Ноги в поле, голова на воле | страница 36



Мамочки родные, какая началась тут свистопляска: каждому художнику было прописано по десять ударов указкой по рукам. И рядом с нами не было ни Джурача Карабардаковича, ни бабки Ёки, чтобы выручить несчастных из беды.

Когда подошла очередь Иканычу отведать горячих, он засучил ногами и заныл:

— Ой, мне срочно нужно выйти во двор…

— Подождешь! — холодно возразила учительница. — Сначала получишь положенную тебе порцию, а после отправляйся куда хочешь! Тебе еще с довеском причитается за то, что ты Бранко зря оклеветал.

— Бранко тоже усы рисовал, только я их ночью стер потихоньку.

— А скажи-ка, для чего ты их стер?

— Потому что у него усы были лучше, чем на моей картинке! — захныкал Икан.

— Так я тебе еще пару горячих добавлю, не завидуй товарищам! — присудила учительница.

Славко Дубина Араб, бедовая головушка, пятнадцать ударов получил за клевету на своего отца. Его разоблачил Икан, да еще и выдал его с головой, сказав, что это он надоумил нас пририсовать усы к портрету короля.

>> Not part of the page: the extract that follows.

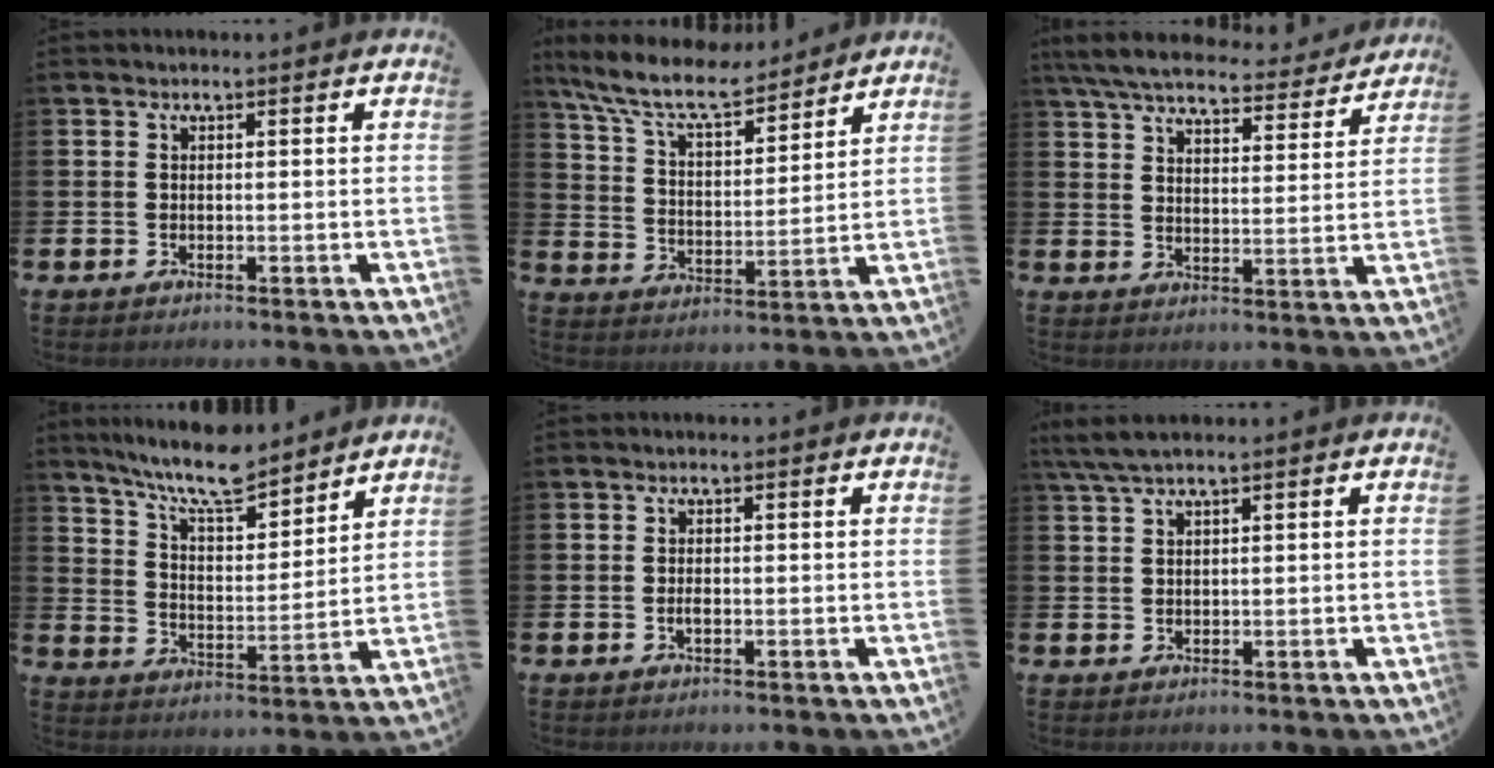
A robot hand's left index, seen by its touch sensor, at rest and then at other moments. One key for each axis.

Сам Икан еще три удара получил за это от учительницы.

— Вот тебе, вот тебе, не будешь больше жаловаться!

В нашей школе не хватало места для всех, и поэтому в одной комнате размещалось по два класса. На первом этаже занимались вместе первый и второй классы, а на втором — третий и четвертый.

Когда учительница занималась со вторым классом, она давала нам, первачкам, задание, которое называлось самостоятельной работой.

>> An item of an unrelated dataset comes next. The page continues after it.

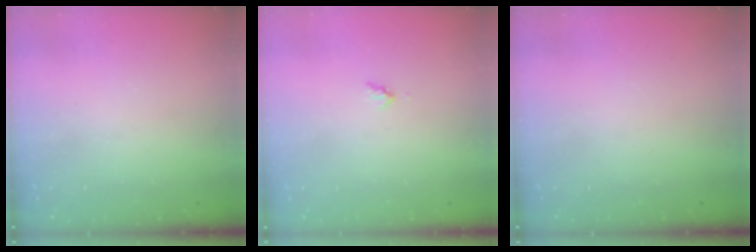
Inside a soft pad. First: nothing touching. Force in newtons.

Обычно учительница задавала нам исписывать целую таблицу тонкими и толстыми линиями, крестиками, крючками и закорючками. А справившись с этим заданием, мы сами находили себе «самостоятельную работу»: щекотали друг друга, подкалывали один другого перьями, залезали под парту и прислушивались к тому, что спрашивает и объясняет учительница второму классу. Так волей-неволей мы тоже усваивали то, что проходили второклассники, иногда даже лучше их самих.

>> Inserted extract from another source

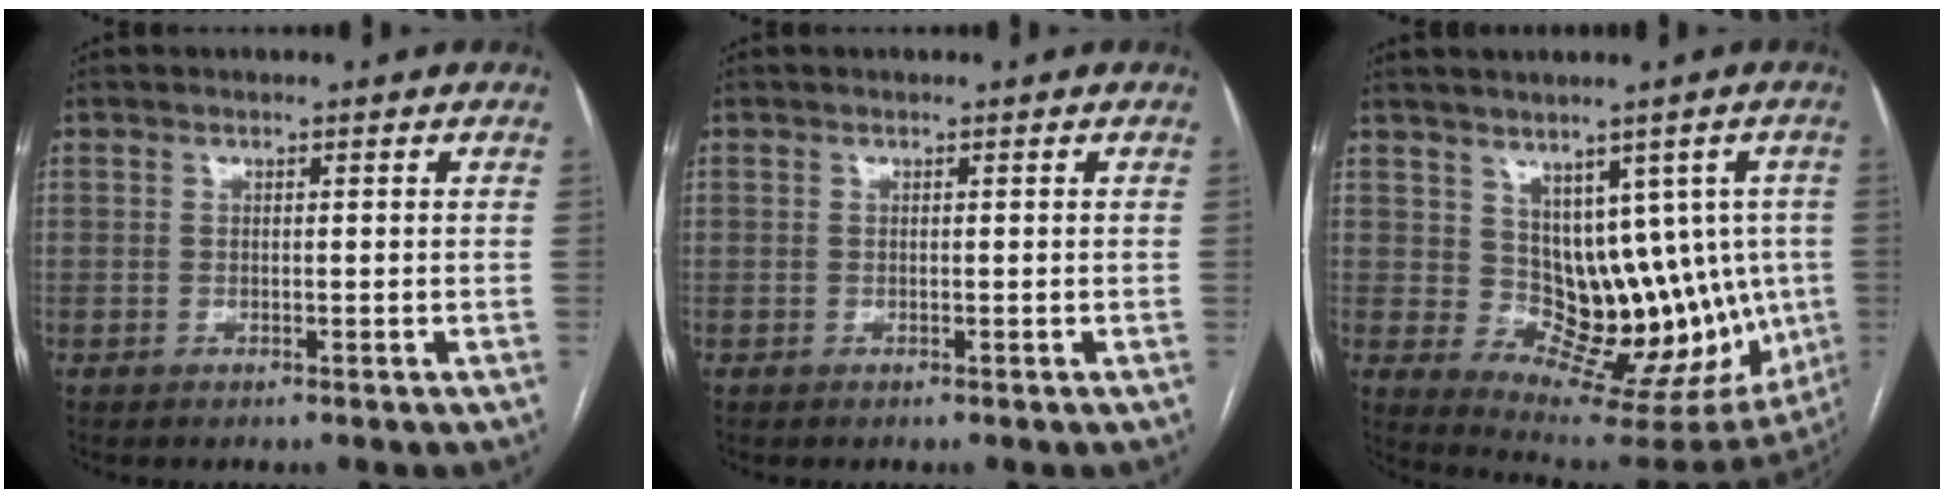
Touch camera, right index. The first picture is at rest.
{"total": 0.0}
{"total": 13.0, "force": [1.8, 8.9, 9.3], "torque": [-0.097, 0.023, 0.057]}

Однажды учительница рассказывала второклассникам про то, что такое воздух. Воздух, говорила она, окружает нас повсюду, но при этом остается невидимым. Мы дышим воздухом; когда дует ветер — это перемещается воздух, когда дверь хлопает — это тоже воздух виноват.

Слушая эти объяснения, мы с Иканычем только переглядываемся.

— Где же этот воздух, который нас окружает? — вертимся мы, присматриваясь вокруг, заглядываем под скамью, но нигде ничего не замечаем.

— Лично я не вижу ничего! — признается Икан, уставившись на меня своими круглыми глазищами, словно бы я и есть тот самый воздух.